Integral of 1/(x-1) has two answers?

[RadiantL]

Homework Statement

Hi so I'm integrating 1/(x-1) but I think it may have two answers and I'm not sure if I'm right or wrong

Homework Equations

y = 1/(x-1)

The Attempt at a Solution

well if you integrate this function you would get

y = ln(x-1) (using u substituition)
I think it makes sense, you take the derivative and you get the same thing back.

now... I think there maybe another answer? it looks like this

y = ln(1-x)

if you take the derivative of this function you would get

y = 1/(1-x) χ -1
which would simplify to
y = 1/(x-1)

so yeah... I'm not sure which is the answer y = ln(x-1) or y = ln(1-x)

I believe I am missing something, thanks for the help :)

 

[tiny-tim]

Hi RadiantL!

ln(x) isn't defined if x < 0

∫ 1/x dx = ln(|x|) +C, not ln(x) + C

 

[Dalek1099]

Homework Statement

Hi so I'm integrating 1/(x-1) but I think it may have two answers and I'm not sure if I'm right or wrong

Homework Equations

y = 1/(x-1)

The Attempt at a Solution

well if you integrate this function you would get

y = ln(x-1) (using u substituition)
I think it makes sense, you take the derivative and you get the same thing back.

now... I think there maybe another answer? it looks like this

y = ln(1-x)

if you take the derivative of this function you would get

y = 1/(1-x) χ -1
which would simplify to
y = 1/(x-1)

so yeah... I'm not sure which is the answer y = ln(x-1) or y = ln(1-x)

I believe I am missing something, thanks for the help :)

its ln|x-1| + C and as the previous replier said don't forget to put the absolute value symbol around x-1 because the absolute value is here f(y)=f(-y) which means that ln|x-1|=ln|1-x|

 

[RadiantL]

Oh I see, that makes sense haha.

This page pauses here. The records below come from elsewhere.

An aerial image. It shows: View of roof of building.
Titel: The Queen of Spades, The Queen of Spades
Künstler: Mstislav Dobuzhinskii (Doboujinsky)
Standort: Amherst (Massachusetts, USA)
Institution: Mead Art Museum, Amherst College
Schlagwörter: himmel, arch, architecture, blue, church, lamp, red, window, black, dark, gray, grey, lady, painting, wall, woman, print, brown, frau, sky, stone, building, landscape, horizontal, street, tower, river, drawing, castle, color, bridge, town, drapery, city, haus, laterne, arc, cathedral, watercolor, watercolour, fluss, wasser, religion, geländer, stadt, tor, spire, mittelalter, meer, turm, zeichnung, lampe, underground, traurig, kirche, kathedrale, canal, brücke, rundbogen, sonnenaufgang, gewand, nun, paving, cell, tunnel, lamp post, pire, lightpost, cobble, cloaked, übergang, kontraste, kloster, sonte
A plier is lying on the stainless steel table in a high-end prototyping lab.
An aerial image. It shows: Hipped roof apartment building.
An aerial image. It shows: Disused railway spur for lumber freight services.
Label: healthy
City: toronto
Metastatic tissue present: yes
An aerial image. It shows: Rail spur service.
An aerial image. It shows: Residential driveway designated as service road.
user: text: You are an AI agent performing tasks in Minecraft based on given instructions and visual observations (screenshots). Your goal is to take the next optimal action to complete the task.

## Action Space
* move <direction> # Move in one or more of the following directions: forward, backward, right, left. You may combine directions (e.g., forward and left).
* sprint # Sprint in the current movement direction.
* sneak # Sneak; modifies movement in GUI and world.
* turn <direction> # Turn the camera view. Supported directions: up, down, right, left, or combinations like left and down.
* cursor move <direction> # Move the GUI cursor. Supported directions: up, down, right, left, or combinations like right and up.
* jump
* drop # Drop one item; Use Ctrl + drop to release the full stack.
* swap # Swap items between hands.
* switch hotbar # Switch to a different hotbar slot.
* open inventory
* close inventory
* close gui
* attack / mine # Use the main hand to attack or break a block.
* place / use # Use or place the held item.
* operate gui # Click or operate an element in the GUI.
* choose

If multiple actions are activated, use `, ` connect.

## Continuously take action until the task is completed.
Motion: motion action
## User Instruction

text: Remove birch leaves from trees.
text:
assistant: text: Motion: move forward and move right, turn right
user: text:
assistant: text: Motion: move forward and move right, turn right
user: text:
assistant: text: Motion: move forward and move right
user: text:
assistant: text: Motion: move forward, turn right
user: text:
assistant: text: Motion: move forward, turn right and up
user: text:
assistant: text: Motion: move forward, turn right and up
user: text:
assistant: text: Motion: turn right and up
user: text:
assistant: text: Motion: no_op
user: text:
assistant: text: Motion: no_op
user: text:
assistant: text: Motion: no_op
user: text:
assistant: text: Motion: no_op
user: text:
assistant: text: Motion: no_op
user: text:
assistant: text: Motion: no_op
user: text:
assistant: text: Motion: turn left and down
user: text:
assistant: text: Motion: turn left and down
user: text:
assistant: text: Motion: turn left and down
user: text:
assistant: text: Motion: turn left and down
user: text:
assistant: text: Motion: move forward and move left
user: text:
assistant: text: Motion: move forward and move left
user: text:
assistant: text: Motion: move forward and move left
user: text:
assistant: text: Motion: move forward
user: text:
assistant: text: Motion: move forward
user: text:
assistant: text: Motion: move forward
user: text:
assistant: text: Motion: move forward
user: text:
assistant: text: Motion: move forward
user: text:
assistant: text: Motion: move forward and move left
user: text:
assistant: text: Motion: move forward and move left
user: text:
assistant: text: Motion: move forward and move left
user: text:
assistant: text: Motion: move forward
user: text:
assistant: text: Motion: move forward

Thanks tiny-tim and Dalek1099!

 

[Ray Vickson]

Homework Statement

Hi so I'm integrating 1/(x-1) but I think it may have two answers and I'm not sure if I'm right or wrong

Homework Equations

y = 1/(x-1)

The Attempt at a Solution

well if you integrate this function you would get

y = ln(x-1) (using u substituition)
I think it makes sense, you take the derivative and you get the same thing back.

now... I think there maybe another answer? it looks like this

y = ln(1-x)

if you take the derivative of this function you would get

y = 1/(1-x) χ -1
which would simplify to
y = 1/(x-1)

so yeah... I'm not sure which is the answer y = ln(x-1) or y = ln(1-x)

I believe I am missing something, thanks for the help :)

\int \frac{1}{1-x} \, dx = - \ln(1-x), because when you defferentiate the right-hand-side you get back the integrand.